Angers, a cidade mais verde de França: imersão na manutenção dos seus espaços verdes
Com um terço da sua superfície dedicada a espaços verdes, a capital de Angers detém, desde 2014, o título de "cidade mais verde de França", atribuído pelo Observatoire des villes vertes. O seu património paisagístico, mantido por mais de 200 jardineiros, divide-se entre parques, jardins e ambientes semi-naturais.
Angers, uma cidade verde
Nesta quarta-feira à tarde, enquanto as crianças e os adolescentes aproveitam os primeiros dias de primavera nas margens do Lac de Maine, Sébastien e os seus colegas jardineiros têm muito trabalho pela frente. Com as fortes chuvas dos últimos dias, a vegetação cresceu muito", explica Sébastien, que trabalha para a cidade de Angers há 20 anos. A primavera é um período intenso, porque temos muito que cortar relva, mondar e podar. No inverno, estamos particularmente ocupados a aparar as sebes, o que é proibido na primavera e no verão para não perturbar as aves nidificantes.

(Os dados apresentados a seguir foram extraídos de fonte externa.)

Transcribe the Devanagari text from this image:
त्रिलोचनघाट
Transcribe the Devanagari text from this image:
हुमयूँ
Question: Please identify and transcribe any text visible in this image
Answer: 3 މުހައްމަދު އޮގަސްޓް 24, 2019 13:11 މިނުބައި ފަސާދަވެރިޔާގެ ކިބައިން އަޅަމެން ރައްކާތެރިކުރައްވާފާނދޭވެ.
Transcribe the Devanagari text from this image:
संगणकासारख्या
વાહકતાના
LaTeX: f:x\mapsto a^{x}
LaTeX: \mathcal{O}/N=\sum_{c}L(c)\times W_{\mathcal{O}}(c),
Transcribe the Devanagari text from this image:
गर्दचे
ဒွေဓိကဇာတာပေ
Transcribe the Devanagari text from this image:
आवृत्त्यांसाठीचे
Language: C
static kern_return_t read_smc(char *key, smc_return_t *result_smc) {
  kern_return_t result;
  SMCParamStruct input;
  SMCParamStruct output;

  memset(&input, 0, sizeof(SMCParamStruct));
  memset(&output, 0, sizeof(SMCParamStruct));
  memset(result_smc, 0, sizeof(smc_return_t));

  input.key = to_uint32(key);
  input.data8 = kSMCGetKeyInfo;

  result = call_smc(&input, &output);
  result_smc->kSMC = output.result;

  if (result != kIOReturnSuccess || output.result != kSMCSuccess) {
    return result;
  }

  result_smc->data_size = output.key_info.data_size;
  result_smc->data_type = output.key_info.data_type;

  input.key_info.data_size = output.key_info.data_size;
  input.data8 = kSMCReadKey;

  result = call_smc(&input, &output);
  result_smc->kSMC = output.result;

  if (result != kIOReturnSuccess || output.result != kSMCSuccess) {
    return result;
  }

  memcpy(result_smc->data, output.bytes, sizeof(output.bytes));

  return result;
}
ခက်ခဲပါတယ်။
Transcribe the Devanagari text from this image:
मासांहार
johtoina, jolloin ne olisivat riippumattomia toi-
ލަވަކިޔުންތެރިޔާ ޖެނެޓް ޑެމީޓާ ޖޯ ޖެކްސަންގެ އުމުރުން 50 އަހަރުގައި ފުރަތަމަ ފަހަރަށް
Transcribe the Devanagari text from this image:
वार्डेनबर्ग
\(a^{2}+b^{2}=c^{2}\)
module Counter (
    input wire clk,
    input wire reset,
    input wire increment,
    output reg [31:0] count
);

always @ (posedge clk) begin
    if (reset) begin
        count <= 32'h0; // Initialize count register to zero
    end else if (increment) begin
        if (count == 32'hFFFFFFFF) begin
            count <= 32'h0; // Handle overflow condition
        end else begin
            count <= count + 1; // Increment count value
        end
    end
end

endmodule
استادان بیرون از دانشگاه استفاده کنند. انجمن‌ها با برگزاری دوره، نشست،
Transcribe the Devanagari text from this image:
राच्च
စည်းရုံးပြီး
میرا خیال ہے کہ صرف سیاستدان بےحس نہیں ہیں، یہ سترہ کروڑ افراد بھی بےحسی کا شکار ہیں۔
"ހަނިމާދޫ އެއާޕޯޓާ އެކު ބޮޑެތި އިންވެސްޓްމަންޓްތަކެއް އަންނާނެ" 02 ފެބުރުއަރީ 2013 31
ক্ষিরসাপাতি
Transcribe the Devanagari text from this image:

Oito equipas de jardineiros partilham os 1.548 hectares de espaços verdes da capital de Angers. Estes incluem pulmões verdes como o Lac de Maine, o Etang Saint-Nicolas e o Parc Balzac, que tendem a situar-se na periferia da cidade, bem como jardins no centro da cidade, como a Esplanade Jean-Turc e o imperdível Jardin du Mail. Cada cidadão angevino beneficia de 100 m2 de espaços naturais, o dobro da média nacional.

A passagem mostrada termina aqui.